REQUIREMENT:
In the records that follow, skip the pictures and print everything else exactly.
┏━━
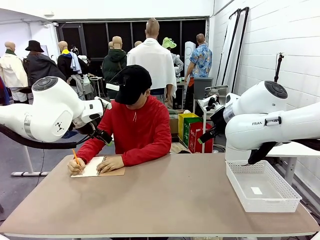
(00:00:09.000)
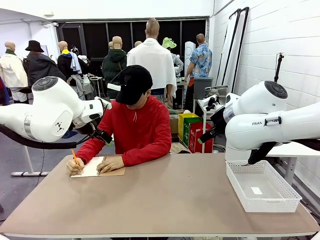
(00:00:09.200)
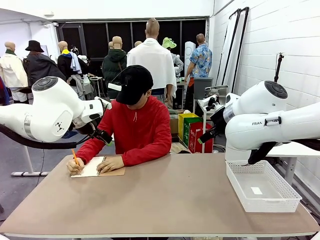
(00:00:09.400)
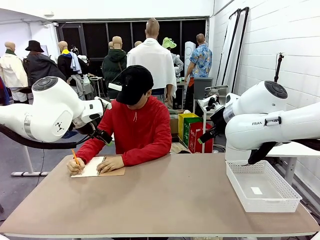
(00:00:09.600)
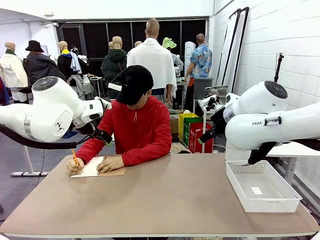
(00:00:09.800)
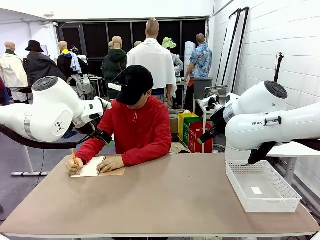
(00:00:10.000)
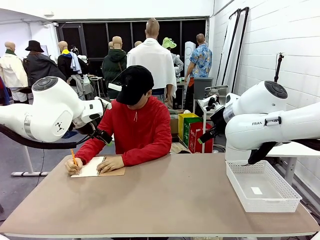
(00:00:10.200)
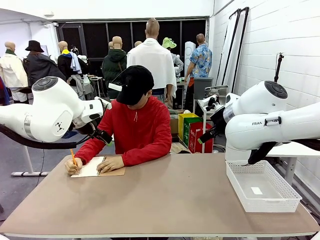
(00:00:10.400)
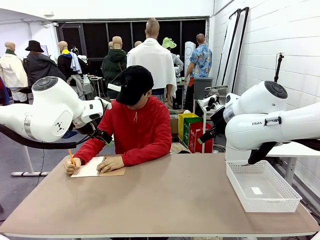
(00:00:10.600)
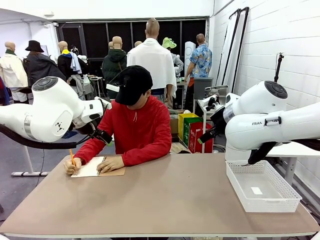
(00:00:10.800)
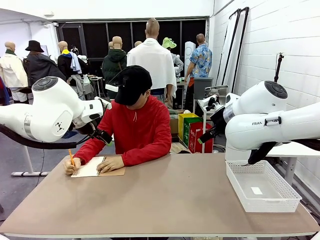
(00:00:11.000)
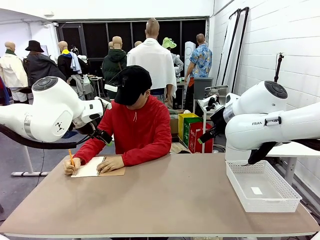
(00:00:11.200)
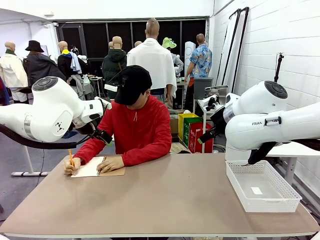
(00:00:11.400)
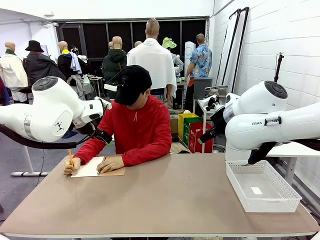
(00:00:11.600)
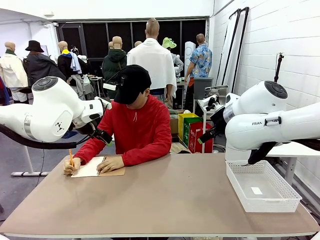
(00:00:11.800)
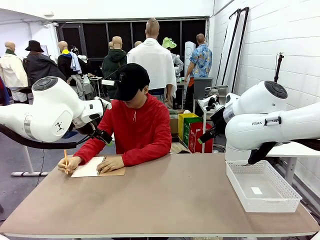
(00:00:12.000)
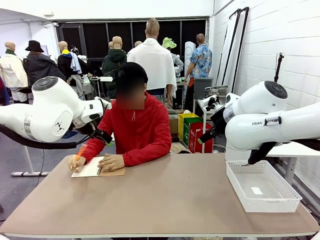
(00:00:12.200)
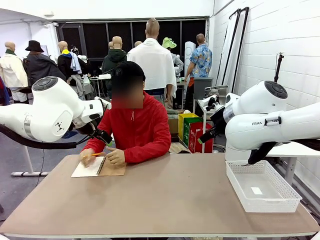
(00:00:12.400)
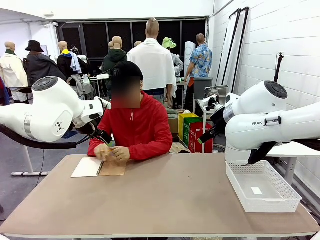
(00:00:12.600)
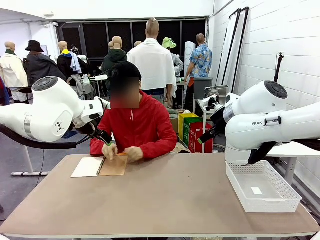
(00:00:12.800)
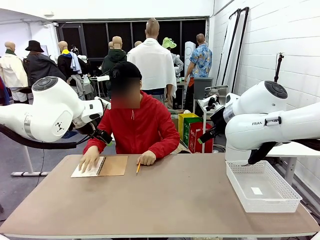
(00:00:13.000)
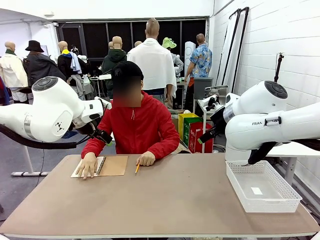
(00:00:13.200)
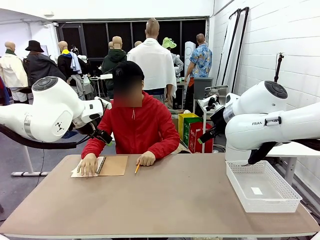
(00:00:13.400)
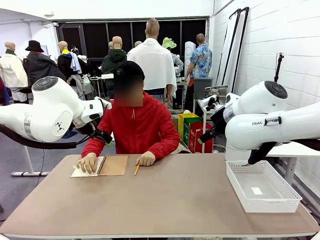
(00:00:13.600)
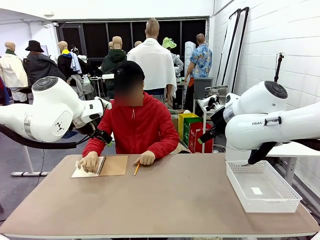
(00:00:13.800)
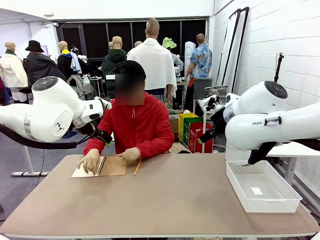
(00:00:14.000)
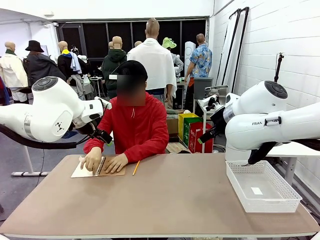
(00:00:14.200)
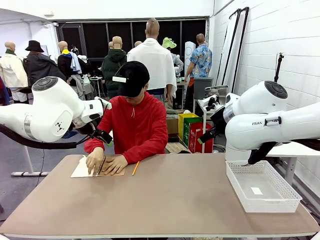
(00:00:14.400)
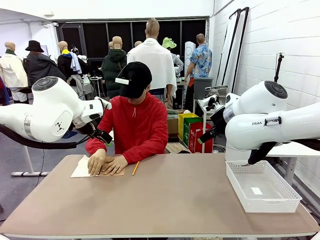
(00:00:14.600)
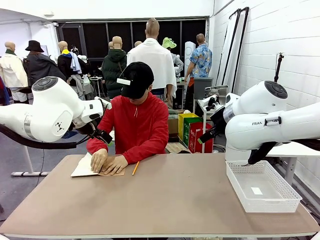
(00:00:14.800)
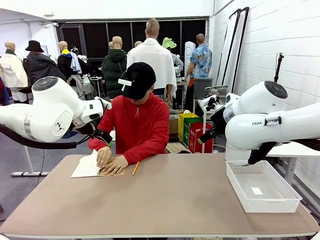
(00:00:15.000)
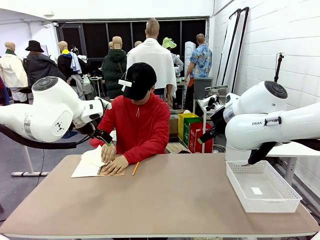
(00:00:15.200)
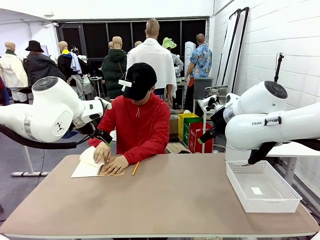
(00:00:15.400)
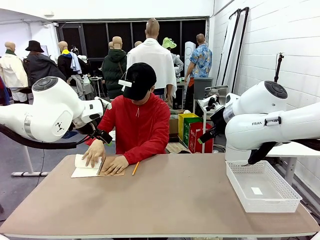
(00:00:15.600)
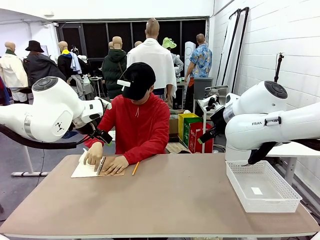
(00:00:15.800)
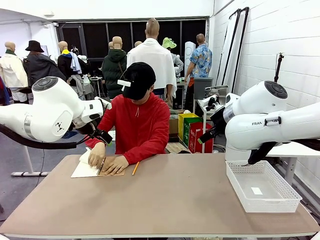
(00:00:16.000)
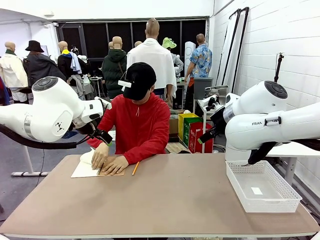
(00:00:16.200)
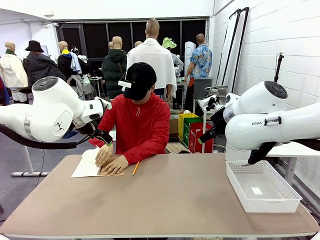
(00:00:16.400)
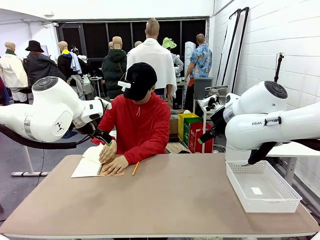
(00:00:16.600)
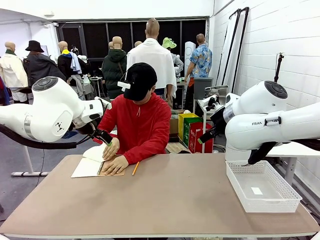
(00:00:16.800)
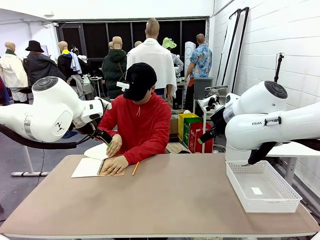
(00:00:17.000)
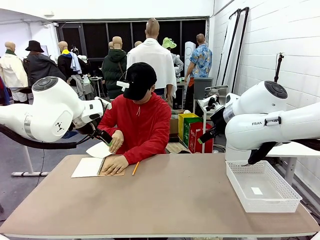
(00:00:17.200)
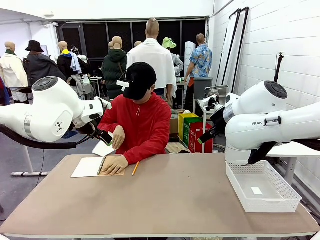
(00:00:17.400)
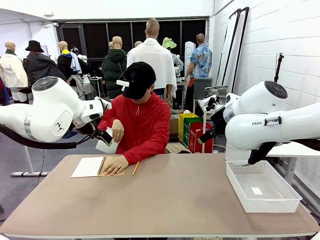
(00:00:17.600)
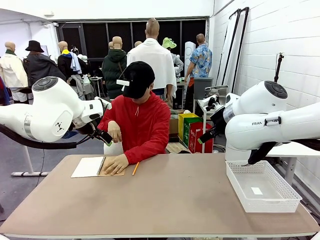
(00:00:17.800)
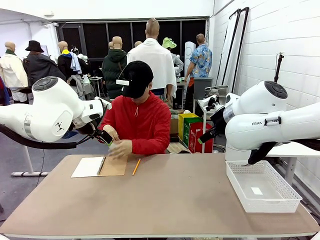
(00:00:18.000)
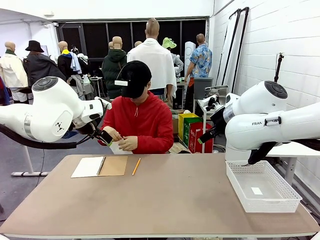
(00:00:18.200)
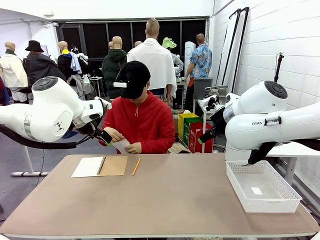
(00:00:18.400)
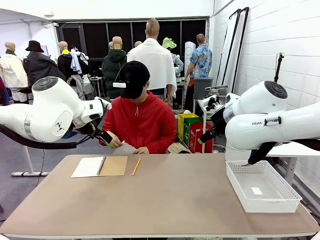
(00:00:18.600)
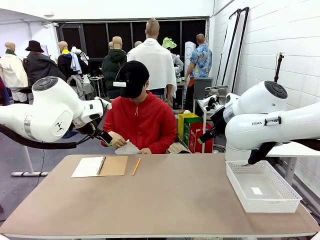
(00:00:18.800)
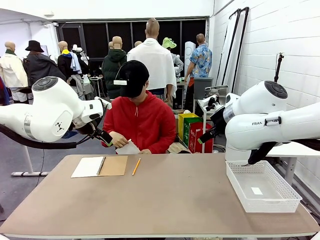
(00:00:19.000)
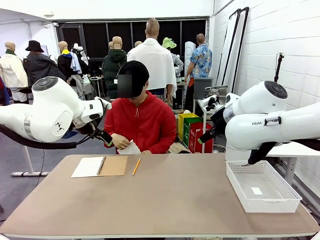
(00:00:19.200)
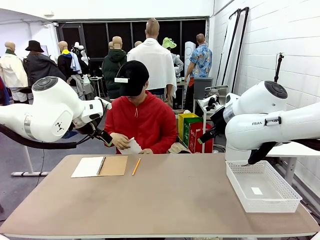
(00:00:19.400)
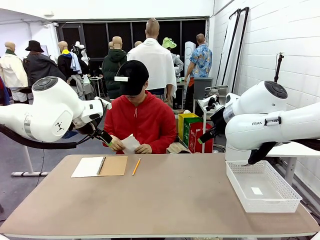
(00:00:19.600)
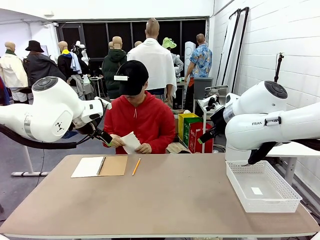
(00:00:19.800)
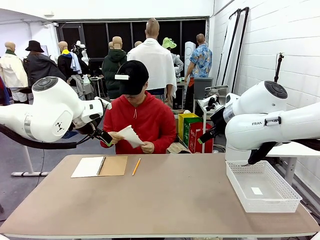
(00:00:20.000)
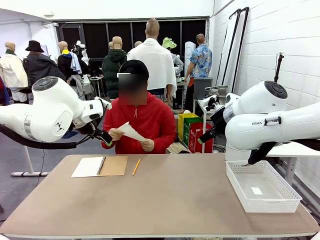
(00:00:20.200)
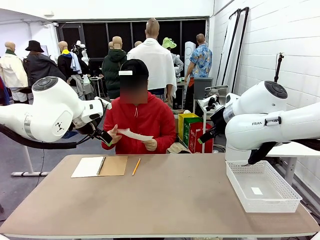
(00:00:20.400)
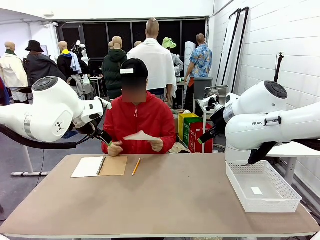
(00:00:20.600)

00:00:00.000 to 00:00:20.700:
┗━━
YOUR RESPONSE:
(00:00:09.000)
(00:00:09.200)
(00:00:09.400)
(00:00:09.600)
(00:00:09.800)
(00:00:10.000)
(00:00:10.200)
(00:00:10.400)
(00:00:10.600)
(00:00:10.800)
(00:00:11.000)
(00:00:11.200)
(00:00:11.400)
(00:00:11.600)
(00:00:11.800)
(00:00:12.000)
(00:00:12.200)
(00:00:12.400)
(00:00:12.600)
(00:00:12.800)
(00:00:13.000)
(00:00:13.200)
(00:00:13.400)
(00:00:13.600)
(00:00:13.800)
(00:00:14.000)
(00:00:14.200)
(00:00:14.400)
(00:00:14.600)
(00:00:14.800)
(00:00:15.000)
(00:00:15.200)
(00:00:15.400)
(00:00:15.600)
(00:00:15.800)
(00:00:16.000)
(00:00:16.200)
(00:00:16.400)
(00:00:16.600)
(00:00:16.800)
(00:00:17.000)
(00:00:17.200)
(00:00:17.400)
(00:00:17.600)
(00:00:17.800)
(00:00:18.000)
(00:00:18.200)
(00:00:18.400)
(00:00:18.600)
(00:00:18.800)
(00:00:19.000)
(00:00:19.200)
(00:00:19.400)
(00:00:19.600)
(00:00:19.800)
(00:00:20.000)
(00:00:20.200)
(00:00:20.400)
(00:00:20.600)

00:00:00.000 to 00:00:20.700:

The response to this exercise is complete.